The main goal of the preliminary is to relate our revised loss scheme in Eq. 3 with Eq. 2 from the original diffusion work.
Timing of the method
Timing is measured using a single RTX3090 GPU and with 512 x 512 resolution. AlignDiff operates in two stages. In the first stage, AlignDiff takes ~5 minutes to inverse the embedding for few-shot samples.
In the second stage of sample generation, AlignDiff performs
Diffusion generation: ~4s per image Coarse mask: <0.1s per image Semi-supervised refinement: <0.15s per image
We believe that AlignDiff is quite suitable for practical applications with its two-step scheme. The cost of the initial sample generation is amortized over the generation process.
Explanation of performance gain
We respectfully disagree with the reviewer that the performance gain comes from combining papers [B] and [C].
Relationship with [B]: though AlignDiff and [B] both use copy-paste [R1], the novelty of our approach does not lie in the fact that we use copy-paste. Instead, we argue the complexity of the approach in previous work such as DiffuMask, where heavy image augmentation techniques are used, is because they overlook real data. Copy-paste is merely an effective solution to relate generated data to real data.
Relationship with [C]: our mask generation method has completely no technical similarity with [C]. The one and only reason we mention [C] in our paper is to establish a graceful similarity overlooked by previous work between mask generation and semi-supervised learning. [C] is designed for semi-supervised classification, whereas our method focuses on generating masks for images generated by Stable Diffusion. We refer to [C] only to mention its task setting; whereas the technical contributions from [C] are irrelevant to our approach.

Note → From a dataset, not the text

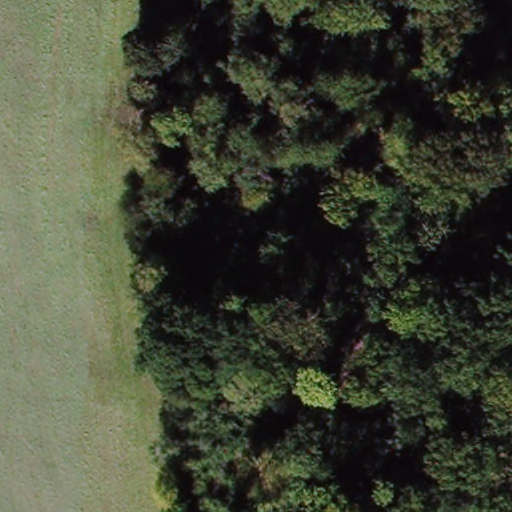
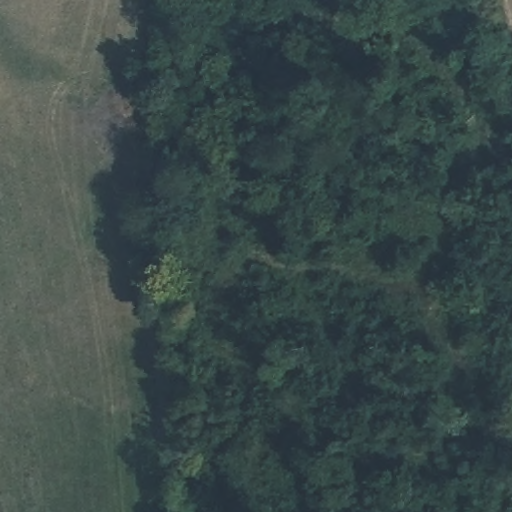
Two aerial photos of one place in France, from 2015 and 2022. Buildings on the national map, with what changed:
[]

Harmonization and clarification of object layout in copy-paste
Previous work in copy-paste [R1] has found that copy-pasting without using any blending technique shows similar performance with implementations that use blending to harmonize the generated images. To make consistent with these previous works, we also did not implement harmonization technique in our paper and similarly found that even generated images with uncommon layouts yields significant performance gain (example generated images can be found in Fig. A8). An interesting direction would be to further harmonize the image to ensure the consistency of semantic layout, but the focus of this work is to identify the misalignment of diffusion models for generating training examples, so we leave this to future work.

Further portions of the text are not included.